# Can Someone Explain This?



## danifacetastic (Nov 11, 2010)

So I really don't understand the whole contest process. Can someone explain?


----------



## breederguy123 (Dec 5, 2010)

i can, you have to have atleast 25 post to enter, and when u enter u take a photo (the best one) of your bettafish that u have (no fakies!) and u put it in this website that allows u to vote on the say when u can't put anymore phtos win. if u win the prize is u get the photo on the front pagr of the web.


----------



## danifacetastic (Nov 11, 2010)

Where do you go to post the pic and vote?


----------



## shinybetta (Jul 3, 2010)

On the far right side of the site is a pic of the previous winner. Under, it says submit a photo.
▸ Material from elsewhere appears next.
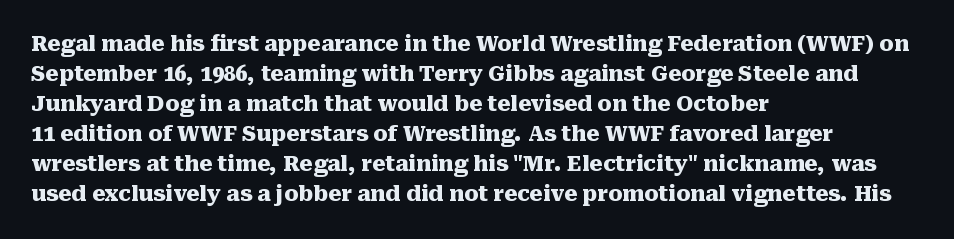
{"italic": "no", "bold": "yes", "underline": "no", "align": "left", "line_spacing": "normal", "line_spacing_ratio": 1.43, "letter_spacing": "normal", "letter_spacing_em": 0.0, "glyph_px": 21}

Go there.


----------



## danifacetastic (Nov 11, 2010)

Oh....I go to tropicalfishkeeping.com not bettafish.com or whatever...I'll have to do that...


----------



## baylee767 (Nov 5, 2010)

breederguy123 said:


> i can, you have to have atleast 25 post to enter, and when u enter u take a photo (the best one) of your bettafish that u have (no fakies!) and u put it in this website that allows u to vote on the say when u can't put anymore phtos win. if u win the prize is u get the photo on the front pagr of the web.


+1


----------



## danifacetastic (Nov 11, 2010)

I found it. Thanks guys


----------



## Duncan13 (Nov 7, 2010)

Yippee!


----------